– Надеюсь, обошлось без этого, – поморщился Фридрих. – На плащанице?! Упаси господи!
– Ко мне сегодня заходил мастер Кранах. Голова до сих пор гудит от его причитаний, – с невольной улыбкой заметил Спалатин. – Он вне себя.
– Он что-то прознал?
– Нет. Альбрехт заказал ему роспись алтаря в Кобленцском соборе. Вчера Кранаха известили, что заказ отменяется. Без объяснения причин.
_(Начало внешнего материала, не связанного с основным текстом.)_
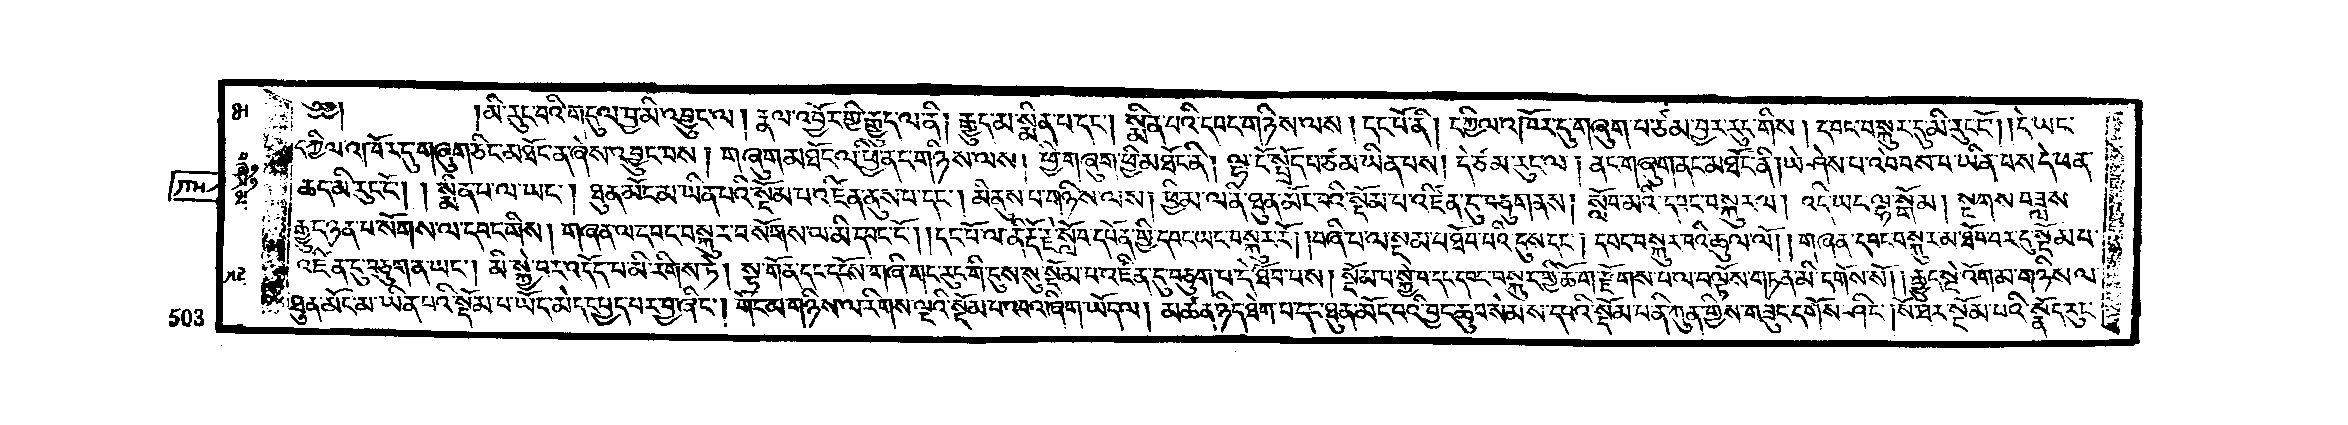༄༅། །མི་རུང་བའི་གདུལ་བྱ་མི་འབྱུང་ལ། རྣལ་འབྱོར་གྱི་རྒྱུད་ལ་ནི། རྒྱུད་མ་སྨིན་པ་དང་། སྨིན་པའི་དབང་གཉིས་ལས། དང་པོ་ནི། དཀྱིལ་འཁོར་དུ་གཞུག་པ་ཙམ་བྱར་རུང་གིས། དབང་བསྐུར་དུ་མི་རུང་ངོ། །དེ་ཡང་
དཀྱིལ་འཁོར་དུ་གཞུག་ཅིང་མཐོང་ན་ཞེས་འབྱུང་བས། གཞུག་མཐོང་ལ་ཕྱི་ནང་གཉིས་ལས། ཕྱི་གཞུག་ཕྱི་མཐོང་ནི། ལྷ་ངོ་སྤྲོད་པ་ཙམ་ཡིན་པས། དེ་ཙམ་རུང་ལ། ནང་གཞུག་ནང་མཐོང་ནི། ཡེ་ཤེས་པ་འབེབས་པ་ཡིན་པས་དེ་ཕན་
ཆད་མི་རུང་ངོ། །སྨིན་པ་ལ་ཡང་། ཐུན་མོང་མ་ཡིན་པའི་སྡོམ་པ་འཛིན་ནུས་པ་དང་། མི་ནུས་པ་གཉིས་ལས། ཕྱི་མ་ལ་ནི་ཐུན་མོང་བའི་སྡོམ་པ་འཛིན་དུ་བཅུག་ནས། སློབ་མའི་དབང་བསྐུར་ལ། འདི་ཡང་ལྷ་སྒོམ། སྔགས་བཟླས་
རྒྱུད་ཉན་པ་སོགས་ལ་དབང་གིས། གཞན་ལ་དབང་བསྐུར་བ་སོགས་ལ་མི་དབང་ངོ། །དང་པོ་ལ་ནི་རྡོ་རྗེ་སློབ་དཔོན་གྱི་དབང་ཡང་བསྐུར་རོ། །བཞི་པ་ལ་སྡོམ་པ་ཐོབ་པའི་དུས་དང་། དབང་བསྐུར་བའི་ཚུལ་ལོ། །གཞན་དབང་བསྐུར་མ་ཐོབ་བར་དུ་སྡོམ་པ་
འཛིན་དུ་བཅུག་ན་ཡང་། མི་སྐྱེ་བར་འདོད་པ་མི་རིགས་ཏེ། སྟ་གོན་དང་དངོས་གཞི་གང་རུང་གི་དུས་སུ་སྡོམ་པ་འཛིན་དུ་བཅུག་པ་དེ་ཐོབ་པས། སྡོམ་པ་སྐྱེ་བ་དང་དབང་བསྐུར་གྱི་ཆོ་ག་རྫོགས་པ་ལ་བལྟོས་གཏན་མི་དགོས་སོ། །རྒྱུད་སྡེ་འོག་མ་གཉིས་ལ་
ཐུན་མོང་མ་ཡིན་པའི་སྡོམ་པ་ཡོད་མེད་དཔྱད་པར་བྱ་ཞིང་། གོང་མ་གཉིས་ལ་རིགས་ལྔའི་སྡོམ་པ་འབའ་ཞིག་ཡོད་ལ། མཚན་ཉིད་ཐེག་པ་དང་ཐུན་མོང་བའི་བྱང་ཆུབ་སེམས་དཔའི་སྡོམ་པ་ནི་ཀུན་གྱིས་གཟུང་དགོས་ཤིང་། སོ་ཐར་སྡོམ་པའི་སྣོད་རུང་

Он собрался подавать иск о нарушении договорных обязательств. Я отсоветовал.
Фридрих захохотал, да так, что его грузное тело вздрагивало, будто дом в землетрясение.
Спалатин тоже рассмеялся.
– Да, все это уморительно. Вдобавок праведное возмущение позволяет исключить его из числа подозреваемых. Если бы он был замешан в афере, то не фыркал бы, словно бешеный бык, и не грозил бы судом.
Фридрих отер слезы со щек.
– Надо бы побеседовать с мастером Дюрером.
– Да, хорошо бы.
Немного поразмыслив, Фридрих сказал:
– Нюрнберг – свободный имперский город и находится за пределами нашей юрисдикции. – Он посмотрел на Спалатина. – Значит, настоять на приезде Дюрера в Виттенберг мы не сможем.
– Верно, – улыбнулся Спалатин. – Однако же отклонить ваше приглашение будет невежливо.
– Будь я на его месте, то никуда бы не поехал.
– С вашего позволения, я все устрою в лучшем виде, – ответил Спалатин.
Дюрер добавлял последние штрихи к портрету Якоба Фуггера. В мастерскую вошла Агнесса и объявила, что прибыли трое господ. Они представились императорскими посланниками.
Дюрер терпеть не мог, когда его отрывали от работы, однако для императорских посланников следовало сделать исключение еще и потому, что император Максимилиан задолжал за два семейных портрета. Возможно, эти господа привезли требуемую сумму.
– Пошевеливайся, женушка, – велел он, вытирая руки проскипидаренной ветошью. – Проводи их сюда. И подай что-нибудь. Пива. Того, что получше.
– Видала я императорских посланников и почище, – ворчливо заметила фрау Дюрер и удалилась.
Дверь распахнулась. В мастерскую вошли три господина. Дюрер окинул их взглядом и мысленно согласился с Агнессой. Вид у троицы был совершенно непрезентабельный: ни плюмажей, ни шелков, ни медальонов. Вдобавок все трое были небриты и давно не мылись.